[Data items]
+--

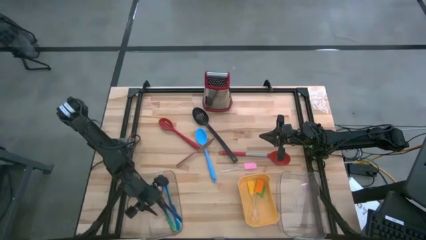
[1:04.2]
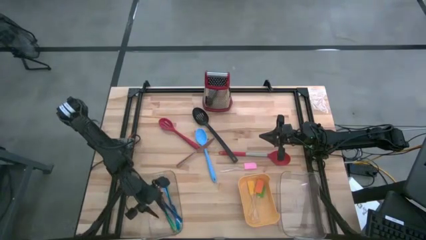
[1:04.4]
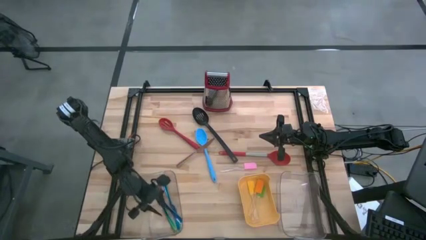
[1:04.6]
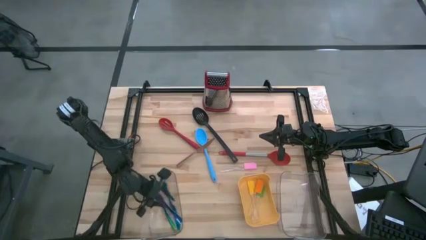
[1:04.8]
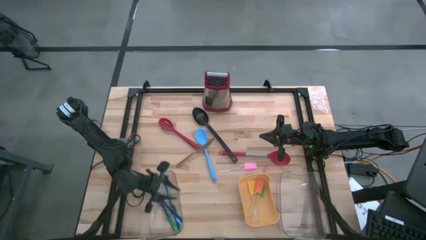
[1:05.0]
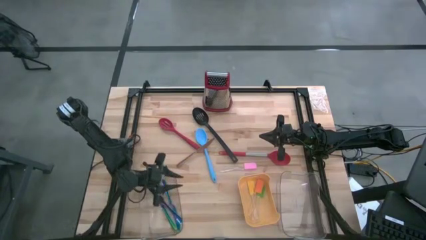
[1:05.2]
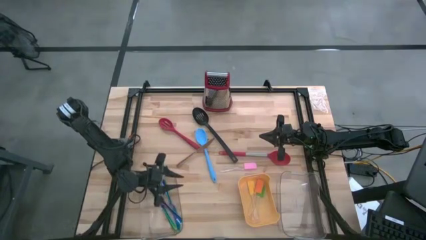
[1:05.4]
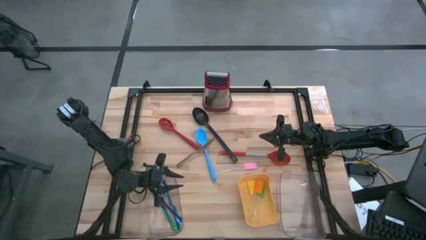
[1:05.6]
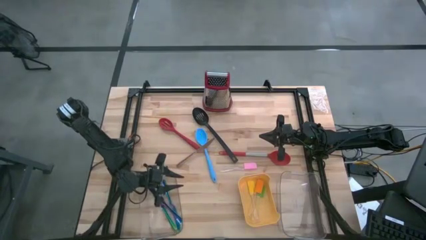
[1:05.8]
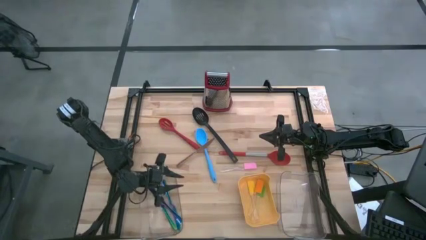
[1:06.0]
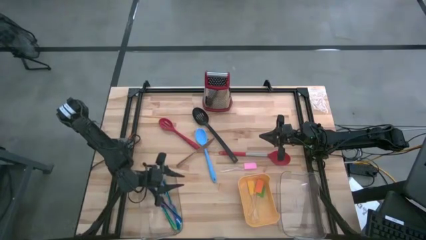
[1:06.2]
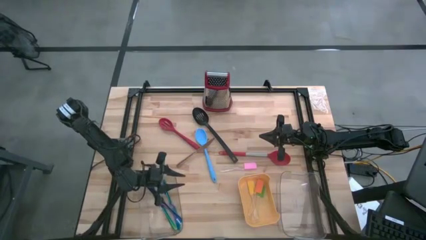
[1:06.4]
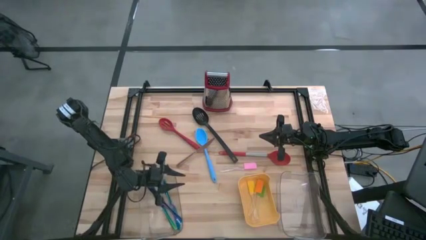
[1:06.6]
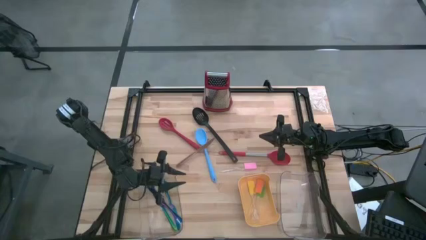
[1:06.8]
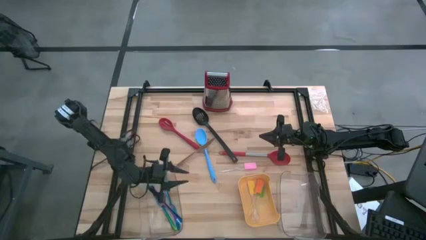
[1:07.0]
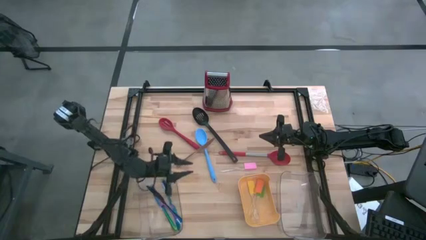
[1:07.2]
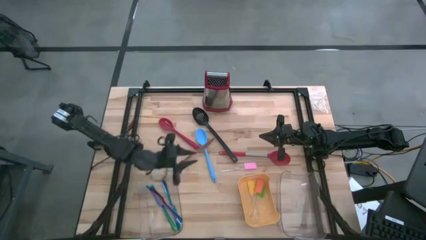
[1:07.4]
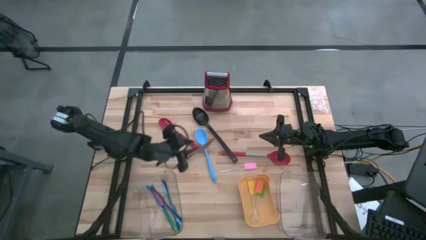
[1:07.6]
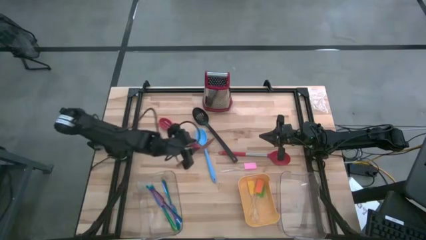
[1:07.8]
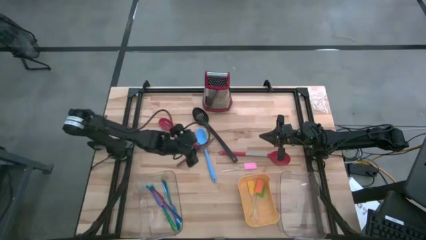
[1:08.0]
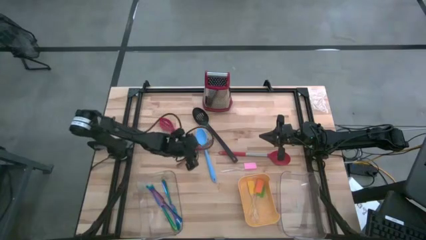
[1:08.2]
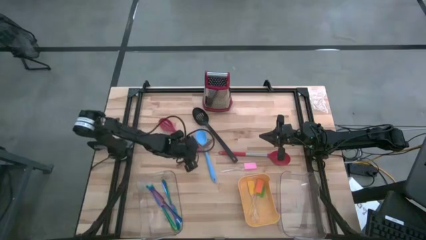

+--

> Exercise brief
Pictures stay out, and every line of the records is transcribed exactly.

> Response below
[1:04.2]
[1:04.4]
[1:04.6]
[1:04.8]
[1:05.0]
[1:05.2]
[1:05.4]
[1:05.6]
[1:05.8]
[1:06.0]
[1:06.2]
[1:06.4]
[1:06.6]
[1:06.8]
[1:07.0]
[1:07.2]
[1:07.4]
[1:07.6]
[1:07.8]
[1:08.0]
[1:08.2]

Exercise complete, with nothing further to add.